Preparing your system

Open the terminal and run the following command

sudo apt-get install php-common php-gd php-curl php-mail php-mail-mime php-pear php-db php-mysql

Install freeradius using the following command

sudo apt-get install freeradius freeradius-mysql freeradius-utils

Create Freeradius Database

You can use the following command to create freeradius database

sudo mysql -u root -p

Enter password:

mysql> create database radius;

mysql> grant all on radius.* to radius@localhost identified by "password";

Query OK, 0 rows affected (0.00 sec)

Insert the freeradius database scheme using the following commands

sudo mysql -u root -p radius < /etc/freeradius/sql/mysql/schema.sql

Enter password:

sudo mysql -u root -p radius < /etc/freeradius/sql/mysql/nas.sql

Enter password:

Create new user for radius database

sudo mysql -u root -p

mysql> use radius;

Reading table information for completion of table and column names

You can turn off this feature to get a quicker startup with -A

Database changed

mysql> INSERT INTO radcheck (UserName, Attribute, Value) VALUES (‘sqltest', ‘Password', ‘testpwd');

Query OK, 1 row affected (0.04 sec)

mysql> exit

Bye

Freeradius Configuration

You need to edit /etc/freeradius/sql.conf file

sudo vi /etc/freeradius/sql.conf

Make sure you have the following details

database = mysql
login = radius
password = password

Uncomment the following

readclients = yes

Save and Exit the file

Now you need to edit the /etc/freeradius/sites-enabled/default file

sudo vi /etc/freeradius/sites-enabled/default

Uncomment the sql option in the following sections

accounting

# See “Authorization Queries” in sql.conf

sql

session

# See “Authorization Queries” in sql.conf

sql

Post-Auth-Type

# See “Authorization Queries” in sql.conf

sql

Save and Exit the file

Now edit /etc/freeradius/radiusd.conf file

sudo vi /etc/freeradius/radiusd.conf

#Uncomment the following option

$INCLUDE sql.conf

Save and exit the file

Now you can stop the free radius server using the following command

sudo /etc/init.d/freeradius stop

Run freeradius in debugging mode. If there is no error, you are ready to go.

sudo freeradius -X

Start the freeradius using the following command

sudo /etc/init.d/freeradius start

Test the radius server using the following command

sudo radtest sqltest testpwd localhost 18128 testing123

Ouput as follows

Sending Access-Request of id 68 to 127.0.0.1 port 1812
User-Name = "sqltest"
User-Password = "testpwd"
NAS-IP-Address = 127.0.1.1
NAS-Port = 18128
Message-Authenticator = 0x00000000000000000000000000000000
rad_recv: Access-Accept packet from host 127.0.0.1 port 1812, id=68, length=20

Daloradius Installation

You can download the Daloradius latest version from here

Once you downloaded the daloradius-0.9-9.tar.gz file you need to extract using the following command

$ tar xvfz daloradius-0.9-9.tar.gz

$ mv daloradius-0.9-9 daloradius

$ mv daloradius /var/www/html

Change Permissions

sudo chown www-data:www-data /var/www/html/daloradius -R

sudo chmod 644 /var/www/html/daloradius/library/daloradius.conf.php

Mysql database need to setup for daloradius.We need to do is to import the daloradius scheme into our existing radius database.

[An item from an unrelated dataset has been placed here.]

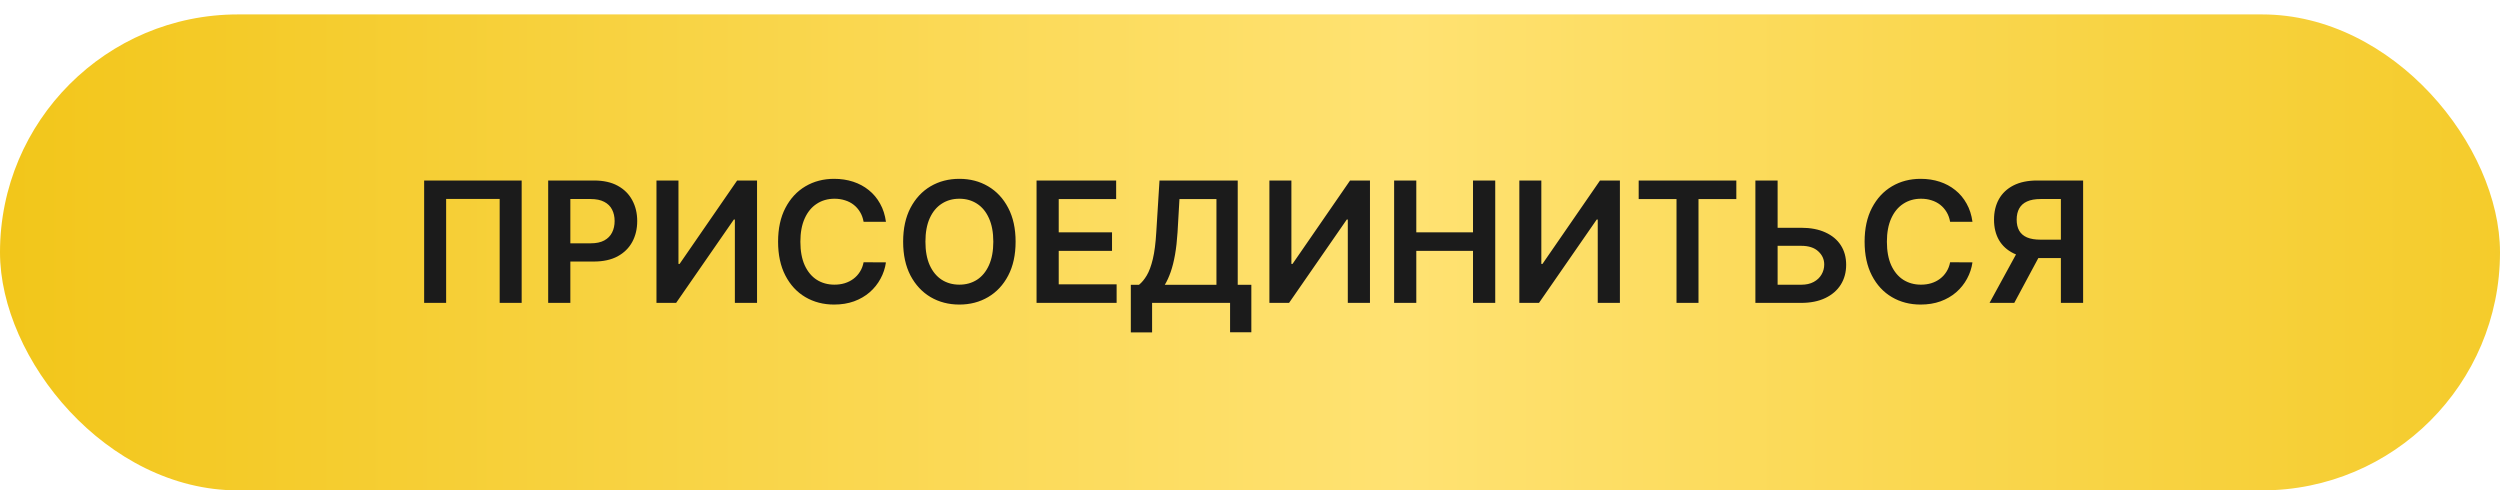 <?xml version="1.0" encoding="UTF-8"?> <svg xmlns="http://www.w3.org/2000/svg" width="520" height="102" viewBox="0 0 520 102" fill="none"><g filter="url(#filter0_d_95_3)"><rect width="520" height="99" rx="49.5" fill="url(#paint0_linear_95_3)"></rect></g><path d="M108.506 37.545V63H103.932V41.374H92.796V63H88.222V37.545H108.506ZM114.021 63V37.545H123.567C125.522 37.545 127.163 37.91 128.489 38.639C129.823 39.368 130.83 40.371 131.509 41.647C132.197 42.915 132.541 44.356 132.541 45.972C132.541 47.605 132.197 49.055 131.509 50.322C130.821 51.59 129.806 52.589 128.464 53.318C127.122 54.039 125.468 54.399 123.505 54.399H117.178V50.608H122.883C124.027 50.608 124.963 50.409 125.692 50.012C126.421 49.614 126.96 49.067 127.308 48.371C127.664 47.675 127.842 46.876 127.842 45.972C127.842 45.069 127.664 44.274 127.308 43.586C126.96 42.898 126.417 42.364 125.68 41.983C124.951 41.593 124.01 41.398 122.858 41.398H118.633V63H114.021ZM136.546 37.545H141.12V54.896H141.356L153.325 37.545H157.464V63H152.853V45.662H152.641L140.635 63H136.546V37.545ZM184.276 46.134H179.628C179.495 45.372 179.251 44.696 178.894 44.108C178.538 43.511 178.095 43.006 177.565 42.592C177.034 42.177 176.429 41.867 175.75 41.659C175.079 41.444 174.354 41.336 173.575 41.336C172.191 41.336 170.965 41.684 169.896 42.38C168.827 43.068 167.99 44.079 167.385 45.413C166.78 46.739 166.478 48.359 166.478 50.273C166.478 52.22 166.78 53.861 167.385 55.195C167.998 56.52 168.835 57.523 169.896 58.202C170.965 58.874 172.187 59.209 173.562 59.209C174.325 59.209 175.037 59.11 175.7 58.911C176.371 58.704 176.972 58.401 177.502 58.004C178.041 57.606 178.493 57.117 178.857 56.537C179.23 55.957 179.487 55.294 179.628 54.548L184.276 54.573C184.102 55.783 183.725 56.918 183.145 57.979C182.573 59.039 181.824 59.976 180.896 60.788C179.967 61.591 178.882 62.221 177.639 62.677C176.396 63.124 175.017 63.348 173.5 63.348C171.263 63.348 169.266 62.83 167.509 61.794C165.753 60.759 164.369 59.263 163.358 57.307C162.347 55.352 161.842 53.007 161.842 50.273C161.842 47.53 162.351 45.185 163.371 43.238C164.39 41.282 165.778 39.787 167.534 38.751C169.291 37.715 171.28 37.197 173.5 37.197C174.917 37.197 176.235 37.396 177.453 37.794C178.671 38.192 179.756 38.776 180.709 39.547C181.662 40.309 182.445 41.245 183.058 42.355C183.68 43.458 184.086 44.717 184.276 46.134ZM211.244 50.273C211.244 53.015 210.73 55.364 209.703 57.32C208.684 59.267 207.292 60.759 205.527 61.794C203.77 62.83 201.777 63.348 199.548 63.348C197.319 63.348 195.322 62.83 193.558 61.794C191.801 60.75 190.409 59.255 189.381 57.307C188.362 55.352 187.853 53.007 187.853 50.273C187.853 47.53 188.362 45.185 189.381 43.238C190.409 41.282 191.801 39.787 193.558 38.751C195.322 37.715 197.319 37.197 199.548 37.197C201.777 37.197 203.77 37.715 205.527 38.751C207.292 39.787 208.684 41.282 209.703 43.238C210.73 45.185 211.244 47.53 211.244 50.273ZM206.608 50.273C206.608 48.342 206.306 46.714 205.701 45.388C205.104 44.054 204.275 43.047 203.215 42.368C202.154 41.68 200.932 41.336 199.548 41.336C198.165 41.336 196.942 41.68 195.882 42.368C194.821 43.047 193.988 44.054 193.384 45.388C192.787 46.714 192.489 48.342 192.489 50.273C192.489 52.203 192.787 53.836 193.384 55.17C193.988 56.495 194.821 57.502 195.882 58.19C196.942 58.869 198.165 59.209 199.548 59.209C200.932 59.209 202.154 58.869 203.215 58.19C204.275 57.502 205.104 56.495 205.701 55.17C206.306 53.836 206.608 52.203 206.608 50.273ZM215.603 63V37.545H232.159V41.411H220.215V48.321H231.301V52.187H220.215V59.135H232.258V63H215.603ZM235.21 69.14V59.234H236.913C237.485 58.778 238.019 58.136 238.516 57.307C239.013 56.479 239.436 55.344 239.784 53.902C240.132 52.46 240.372 50.596 240.505 48.309L241.176 37.545H257.446V59.234H260.279V69.115H255.855V63H239.635V69.14H235.21ZM242.282 59.234H253.021V41.411H245.327L244.93 48.309C244.822 50.041 244.648 51.59 244.408 52.957C244.167 54.325 243.865 55.53 243.5 56.574C243.136 57.61 242.73 58.497 242.282 59.234ZM264.036 37.545H268.61V54.896H268.846L280.815 37.545H284.954V63H280.343V45.662H280.132L268.125 63H264.036V37.545ZM289.978 63V37.545H294.59V48.321H306.385V37.545H311.008V63H306.385V52.187H294.59V63H289.978ZM316.023 37.545H320.597V54.896H320.833L332.802 37.545H336.941V63H332.33V45.662H332.119L320.112 63H316.023V37.545ZM340.847 41.411V37.545H361.156V41.411H353.289V63H348.715V41.411H340.847ZM368.191 47.377H374.654C376.601 47.377 378.271 47.696 379.663 48.334C381.063 48.964 382.136 49.854 382.882 51.006C383.628 52.158 384.001 53.513 384.001 55.07C384.001 56.636 383.628 58.016 382.882 59.209C382.136 60.394 381.063 61.322 379.663 61.993C378.271 62.664 376.601 63 374.654 63H365.121V37.545H369.744V59.222H374.654C375.681 59.222 376.551 59.027 377.264 58.637C377.977 58.248 378.515 57.734 378.88 57.096C379.253 56.458 379.439 55.766 379.439 55.021C379.439 53.943 379.025 53.028 378.196 52.274C377.376 51.511 376.195 51.13 374.654 51.13H368.191V47.377ZM410.272 46.134H405.624C405.491 45.372 405.247 44.696 404.891 44.108C404.534 43.511 404.091 43.006 403.561 42.592C403.03 42.177 402.425 41.867 401.746 41.659C401.075 41.444 400.35 41.336 399.571 41.336C398.187 41.336 396.961 41.684 395.892 42.38C394.823 43.068 393.986 44.079 393.381 45.413C392.776 46.739 392.474 48.359 392.474 50.273C392.474 52.22 392.776 53.861 393.381 55.195C393.994 56.52 394.831 57.523 395.892 58.202C396.961 58.874 398.183 59.209 399.559 59.209C400.321 59.209 401.033 59.11 401.696 58.911C402.367 58.704 402.968 58.401 403.498 58.004C404.037 57.606 404.489 57.117 404.853 56.537C405.226 55.957 405.483 55.294 405.624 54.548L410.272 54.573C410.098 55.783 409.721 56.918 409.141 57.979C408.57 59.039 407.82 59.976 406.892 60.788C405.964 61.591 404.878 62.221 403.635 62.677C402.392 63.124 401.013 63.348 399.496 63.348C397.259 63.348 395.262 62.83 393.506 61.794C391.749 60.759 390.365 59.263 389.354 57.307C388.343 55.352 387.838 53.007 387.838 50.273C387.838 47.53 388.348 45.185 389.367 43.238C390.386 41.282 391.774 39.787 393.53 38.751C395.287 37.715 397.276 37.197 399.496 37.197C400.913 37.197 402.231 37.396 403.449 37.794C404.667 38.192 405.752 38.776 406.705 39.547C407.658 40.309 408.441 41.245 409.054 42.355C409.676 43.458 410.082 44.717 410.272 46.134ZM433.288 63H428.664V41.398H424.438C423.295 41.398 422.354 41.568 421.617 41.908C420.888 42.239 420.345 42.728 419.989 43.375C419.641 44.013 419.467 44.783 419.467 45.686C419.467 46.59 419.641 47.352 419.989 47.973C420.337 48.587 420.875 49.055 421.604 49.378C422.342 49.693 423.278 49.85 424.413 49.85H430.603V53.678H423.792C421.836 53.678 420.188 53.355 418.845 52.709C417.503 52.054 416.484 51.13 415.788 49.937C415.1 48.736 414.756 47.319 414.756 45.686C414.756 44.062 415.096 42.641 415.775 41.423C416.463 40.197 417.474 39.244 418.808 38.565C420.142 37.885 421.783 37.545 423.73 37.545H433.288V63ZM420.125 51.466H425.159L418.969 63H413.824L420.125 51.466Z" fill="#1B1B1B"></path><defs><filter id="filter0_d_95_3" x="0" y="0" width="520" height="102" filterUnits="userSpaceOnUse" color-interpolation-filters="sRGB"><feFlood flood-opacity="0" result="BackgroundImageFix"></feFlood><feColorMatrix in="SourceAlpha" type="matrix" values="0 0 0 0 0 0 0 0 0 0 0 0 0 0 0 0 0 0 127 0" result="hardAlpha"></feColorMatrix><feOffset dy="3"></feOffset><feComposite in2="hardAlpha" operator="out"></feComposite><feColorMatrix type="matrix" values="0 0 0 0 0.638 0 0 0 0 0.519 0 0 0 0 0.041 0 0 0 1 0"></feColorMatrix><feBlend mode="normal" in2="BackgroundImageFix" result="effect1_dropShadow_95_3"></feBlend><feBlend mode="normal" in="SourceGraphic" in2="effect1_dropShadow_95_3" result="shape"></feBlend></filter><linearGradient id="paint0_linear_95_3" x1="4.18511e-07" y1="35.888" x2="573.035" y2="35.888" gradientUnits="userSpaceOnUse"><stop stop-color="#F2C61A"></stop><stop offset="0.51" stop-color="#FFE272"></stop><stop offset="1" stop-color="#F2C61A"></stop></linearGradient></defs></svg>

$ cd /var/www/html/daloradius/contrib/db

sudo mysql -u root -p radius < mysql-daloradius.sql

configure the following daloradius setting.

sudo vi /var/www/html/daloradius/library/daloradius.conf.php

Change the database password

$configValues[‘CONFIG_DB_PASS'] = ‘password';

Save and exit the file

Now you need to configure daloradius website under /etc/apache2/sites-available

sudo vi /etc/apache2/sites-available/daloradius.conf

add the following lines

Alias /daloradius "/var/www/html/daloradius/"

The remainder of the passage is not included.